すべての頂の上に安らぎあり

今日はぼくに残された人生の最初の一日。ぼくは、そしてぼくたちは、この困難と混乱の社会の中で、残りの人生をどう生きるか?

「夏の終り」

2021-08-24 13:21:55 | 

 ぼくは若い頃、頭の回転はすごく遅くて、仲間たちの議論や会話についていけないことがしょっちゅうだったが、暗記力だけはあった。平家物語の「大原御幸」の段や白楽天の「長恨歌」や陶淵明の「帰去来の辞」などは暗誦していた。

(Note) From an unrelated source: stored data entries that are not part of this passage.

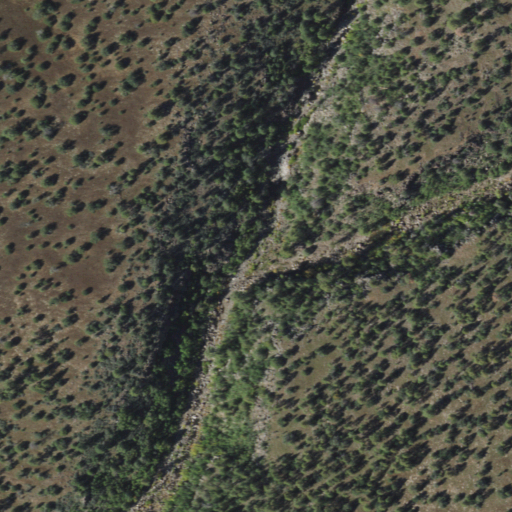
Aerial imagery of valley in Arizona named Brady Canyon containing evergreen forest and shrub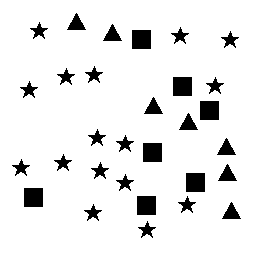
Squares: 7
Triangles: 7
Stars: 16
Total shapes: 30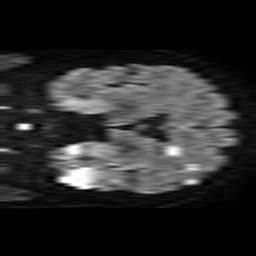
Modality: TRACE
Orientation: coronal
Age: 38
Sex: male
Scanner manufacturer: philips
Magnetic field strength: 1.5 T
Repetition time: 3.844 s
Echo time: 0.09719 s
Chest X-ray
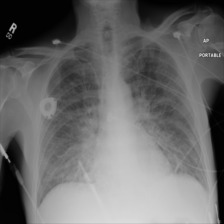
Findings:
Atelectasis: negative
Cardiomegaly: negative
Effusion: negative
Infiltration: positive
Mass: negative
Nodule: negative
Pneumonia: negative
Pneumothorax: negative
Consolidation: negative
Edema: positive
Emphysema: negative
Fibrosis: negative
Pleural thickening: negative
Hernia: negative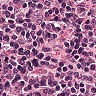
Metastatic tissue present: no
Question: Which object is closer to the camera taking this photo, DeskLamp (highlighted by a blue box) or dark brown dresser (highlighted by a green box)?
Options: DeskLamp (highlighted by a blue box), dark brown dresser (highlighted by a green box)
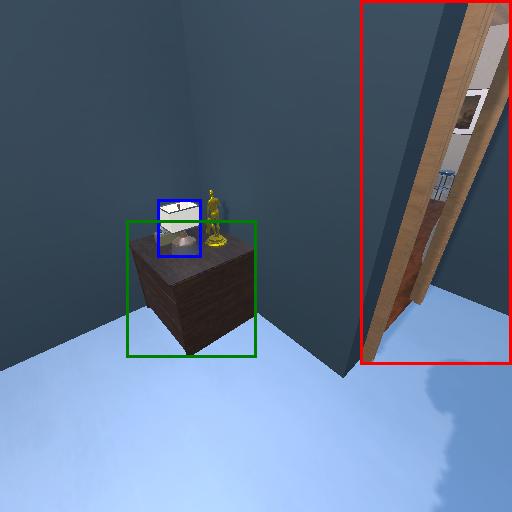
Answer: DeskLamp (highlighted by a blue box)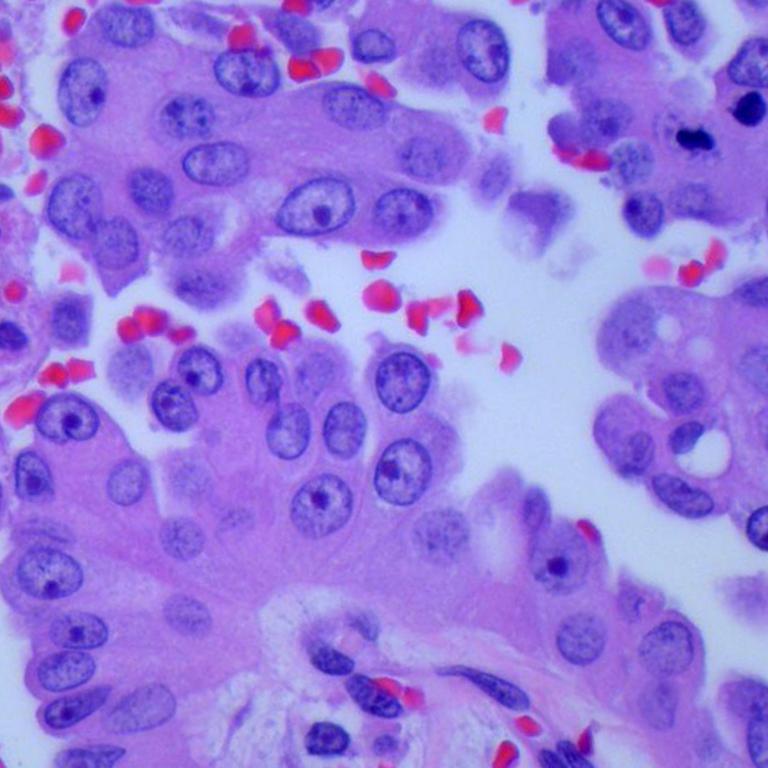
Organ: lung
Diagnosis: adenocarcinomas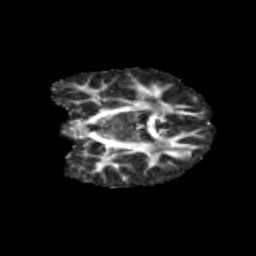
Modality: FA
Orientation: coronal
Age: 9
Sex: male
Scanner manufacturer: siemens
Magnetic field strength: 3 T
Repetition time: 3.8 s
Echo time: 0.07 s
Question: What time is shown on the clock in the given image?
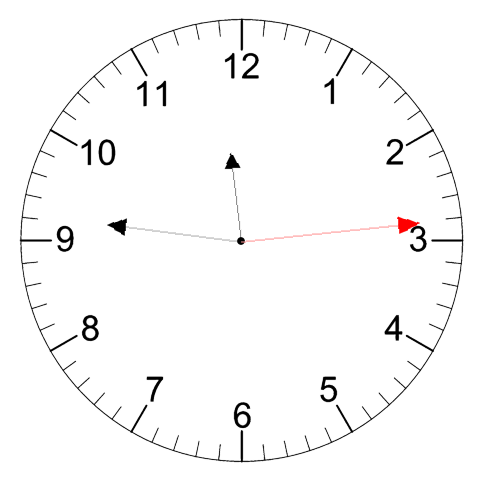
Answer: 11:46:14
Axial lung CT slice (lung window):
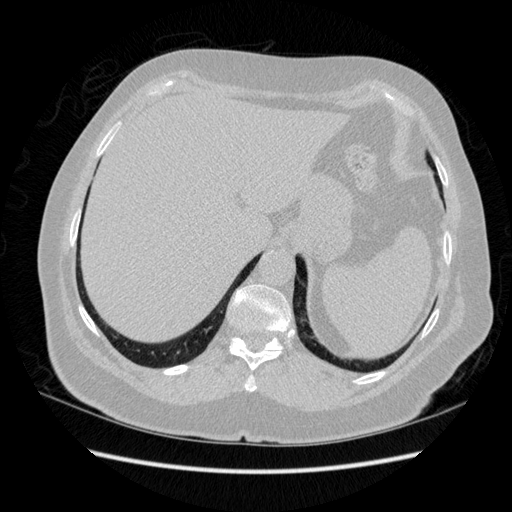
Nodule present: no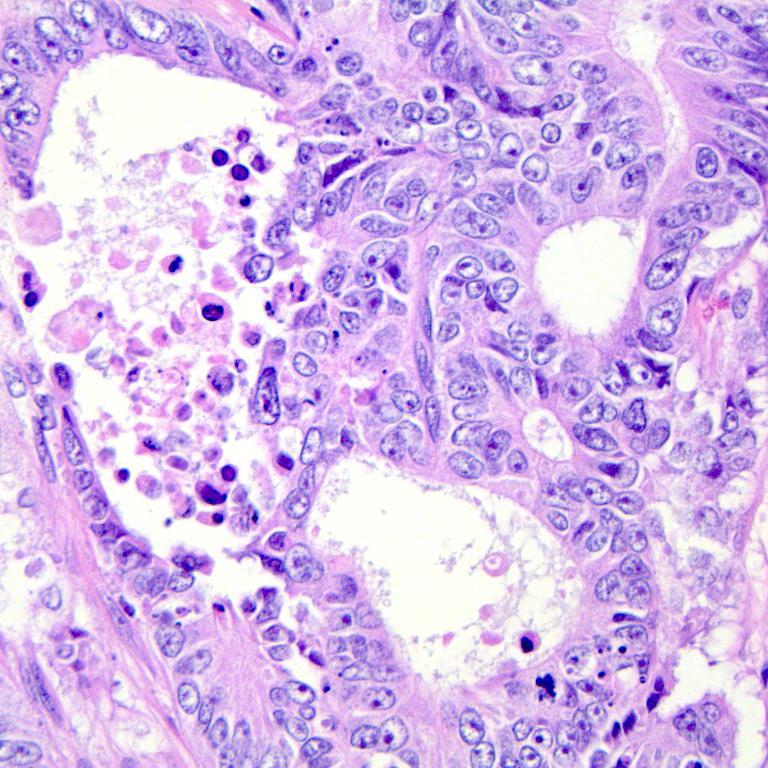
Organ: colon
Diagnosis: adenocarcinomas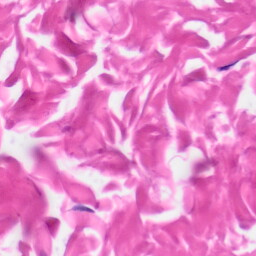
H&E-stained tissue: Skin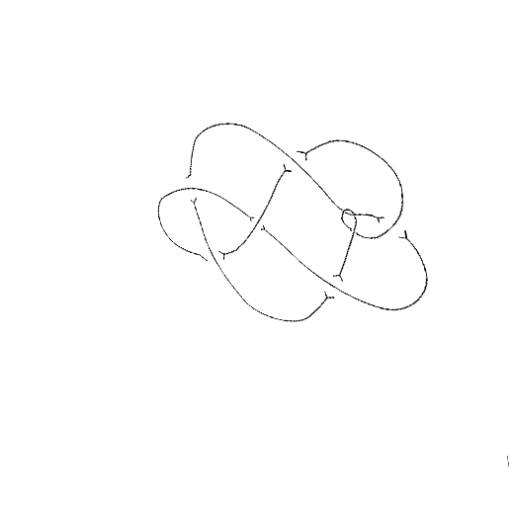
Crossing number: 9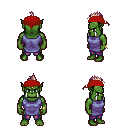
a pixel art fantasy rpg character, male body template, orc, green skin, chain tabard jacket, magenta pants, white blonde mohawk hairstyle, red bandana, bracelets, four views (front, back, left, right), 2x2 character sprite sheet, small pixel art, hard edges, no anti-aliasing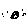
Label: moon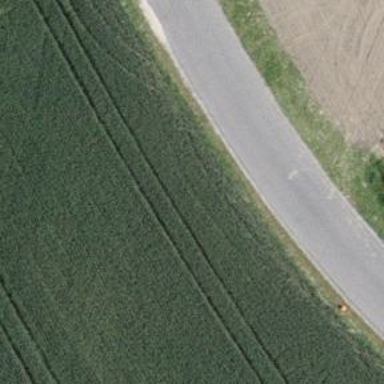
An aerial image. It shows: Unclassified road with asphalt surface.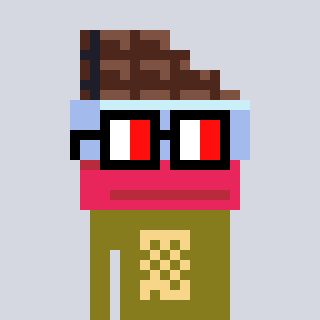
a pixel art character with square glasses with black frames and red eyes, a chocolate-shaped head and a gunk-colored body on a cool background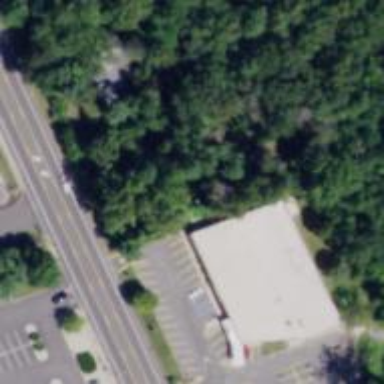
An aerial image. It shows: Building that houses bowling alley.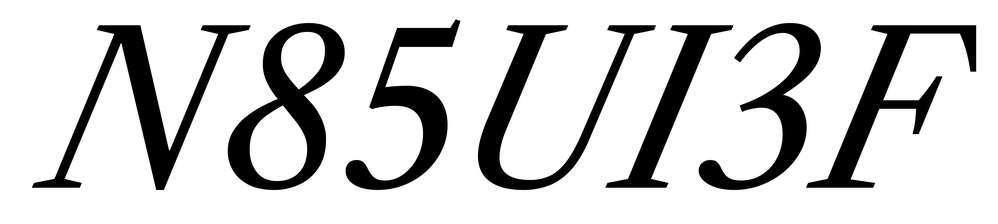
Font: LibreCaslonText-Italic_Italic
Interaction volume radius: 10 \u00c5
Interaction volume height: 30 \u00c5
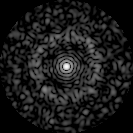
Disorder parameter: 0.8231
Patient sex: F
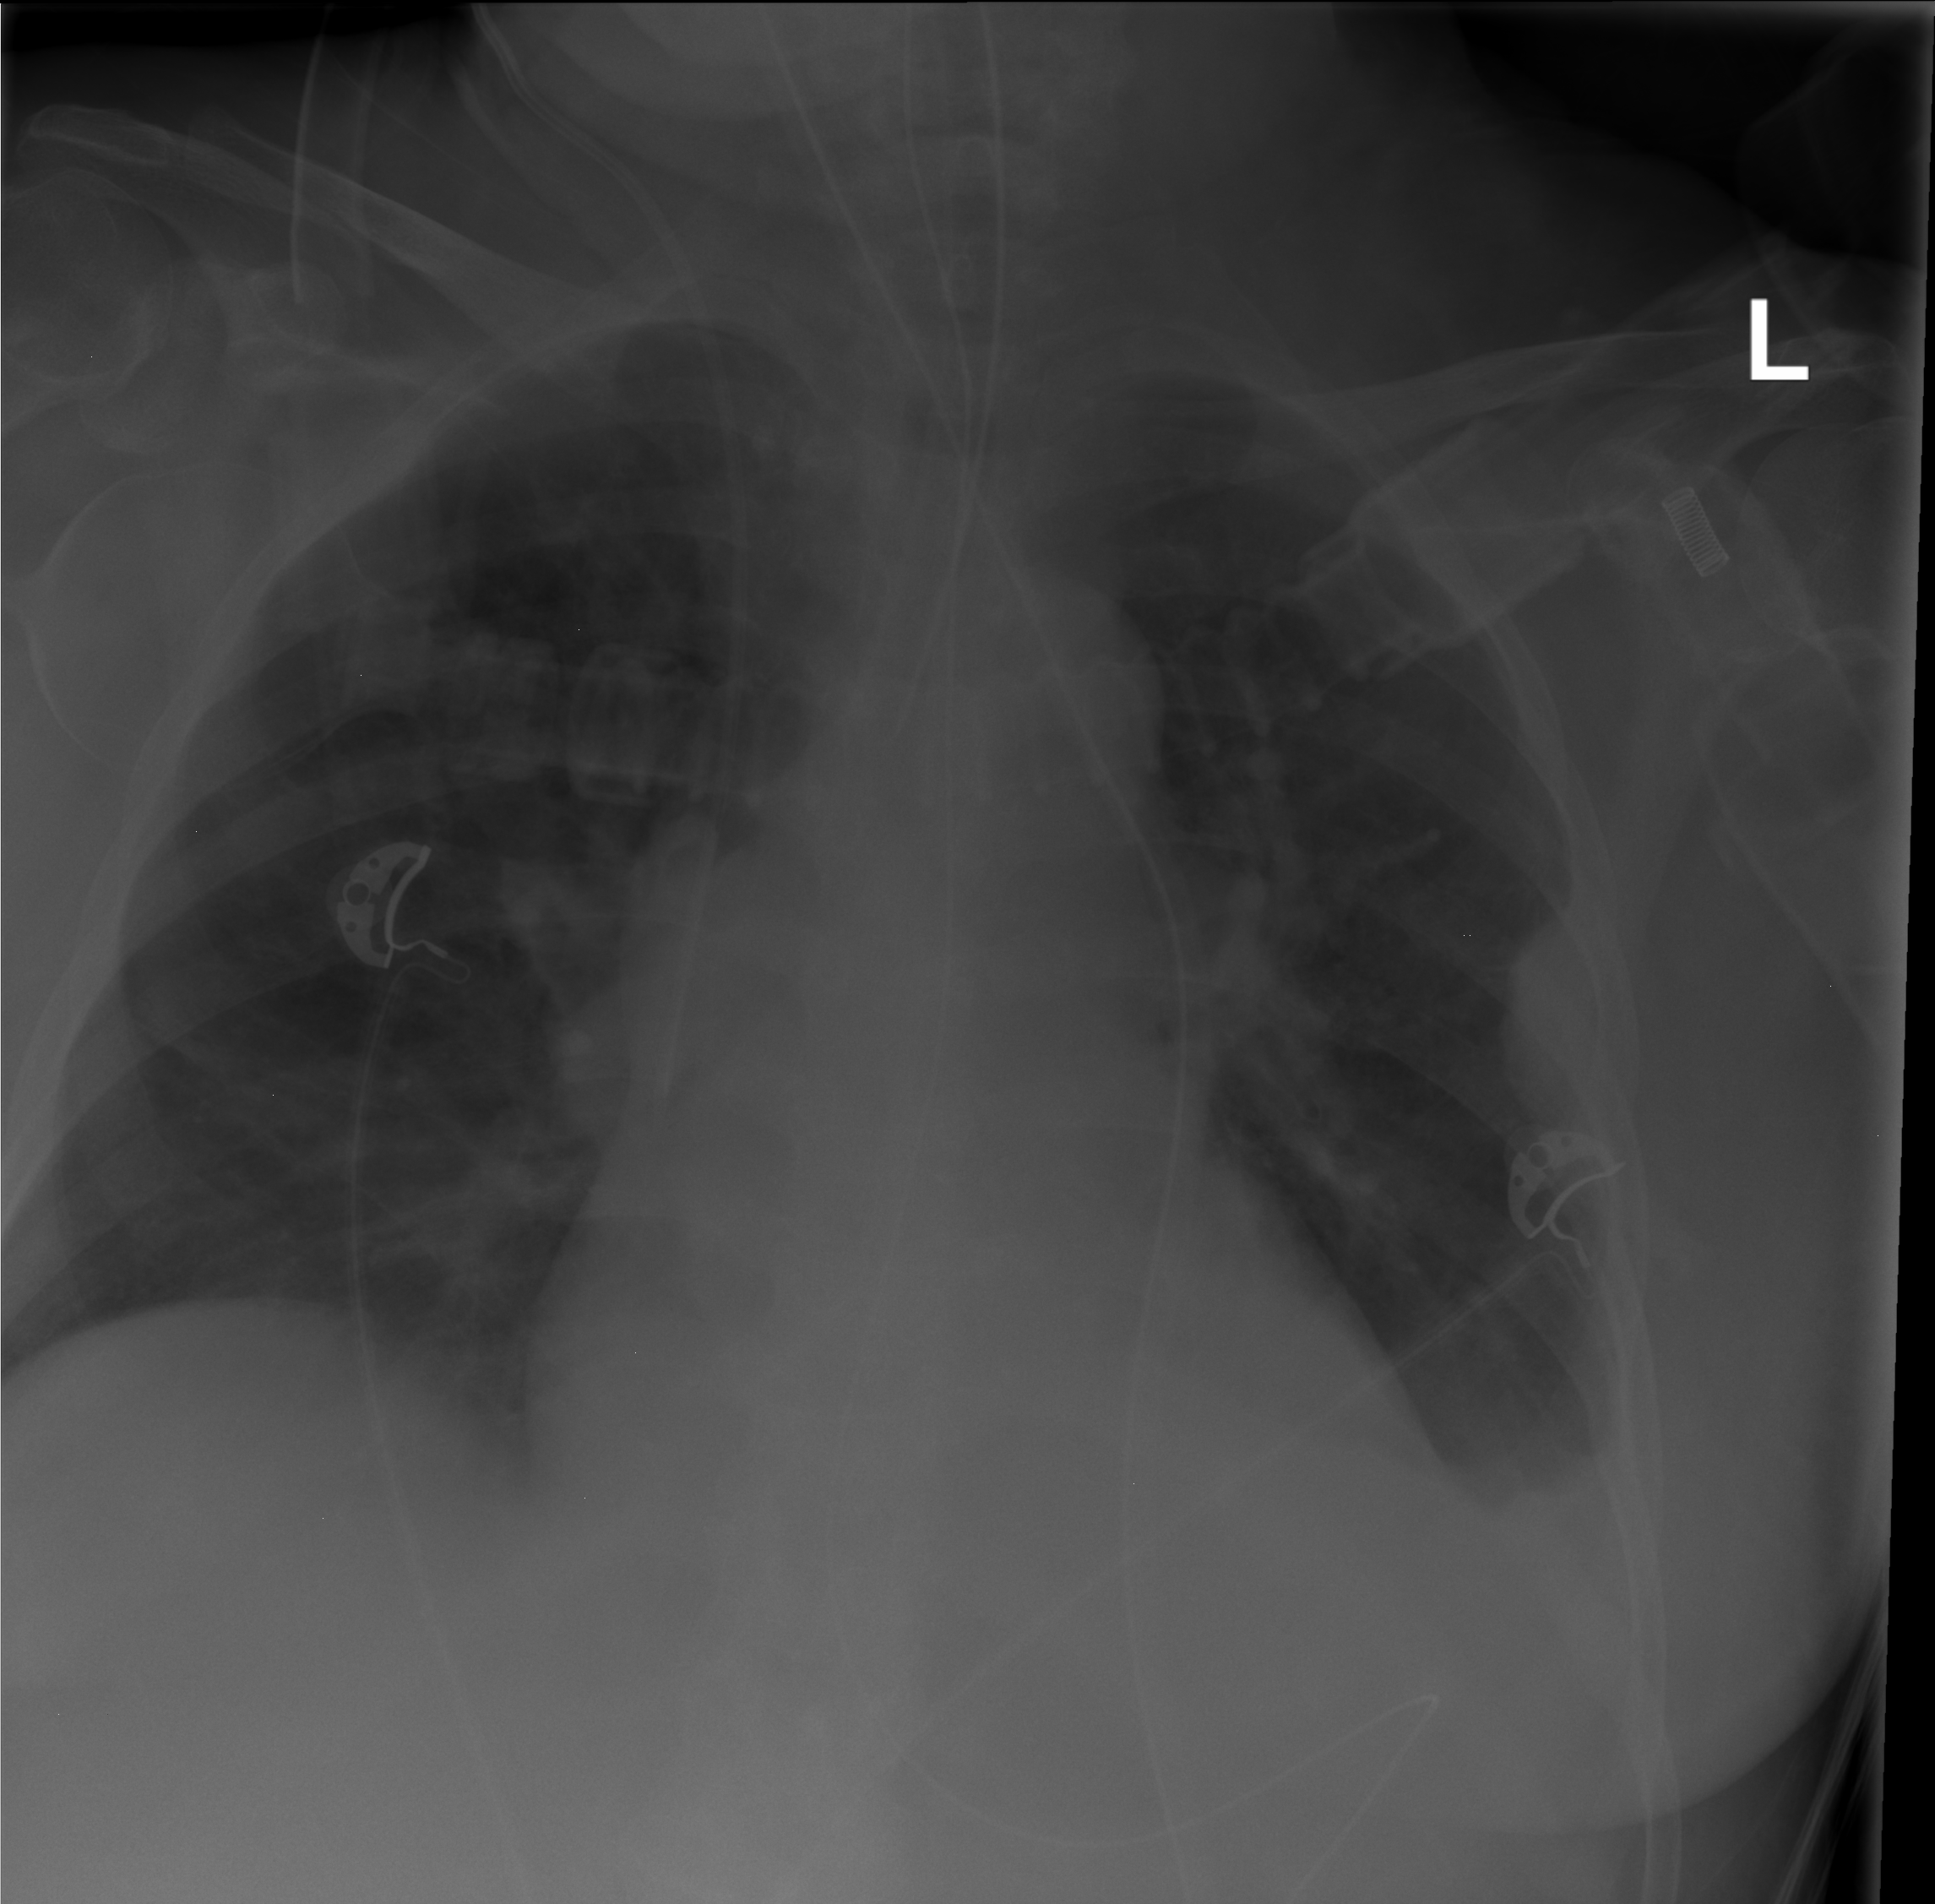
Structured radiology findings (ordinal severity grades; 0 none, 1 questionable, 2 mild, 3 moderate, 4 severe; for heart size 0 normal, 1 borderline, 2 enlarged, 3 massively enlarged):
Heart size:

フランス語も、当時の教科書MAUGER(Bleu)の本文を電車で丸暗記して覚えた。
 今はもう、全然ダメ。歌の文句でさえ口ずさもうとすると忘れていたりごちゃ混ぜになったりする。きのう挙げたうち、「悲しくて…」の方はともかく、伊東静雄の「夏の終り」の方は、繰り返し読んでいるはずなのに、思い出そうとしてみたら最初の3行しか出て来ない。
 それで、家に帰って読み直してみた。改めて心に沁みた。

夜来の台風にひとりはぐれた白い雲が
気のとほくなるほど澄みに澄んだ
かぐはしい大気の空をながれてゆく
太陽の燃えかがやく野の景観に
それがおほきく落す静かな翳は
……さよなら……さやうなら……
……さよなら……さやうなら……
いちいちさう頷く眼差のやうに
一筋ひかる街道をよこぎり
あざやかな暗緑の水田の面を移り
ちひさく動く行人をおひ越して
しづかにしづかに村落の屋根屋根や
樹上にかげり
……さよなら……さやうなら……
……さよなら……さやうなら……
ずつとこの会釈をつづけながら
やがて優しくわが視野から遠ざかる

 (ぼくはワードで行間に振り仮名をつけることができない。つけようとすると行間の幅が変わって不揃いになってしまう。今までは漢字のすぐ後にカッコつきで入れていたが、おおぜいで歌う歌集なんかならともかく、詩の場合はそれではひどく醜いし、作者の意図にも反する。それで、今後、必要があったら、本文の後にまとめてつけることにする。)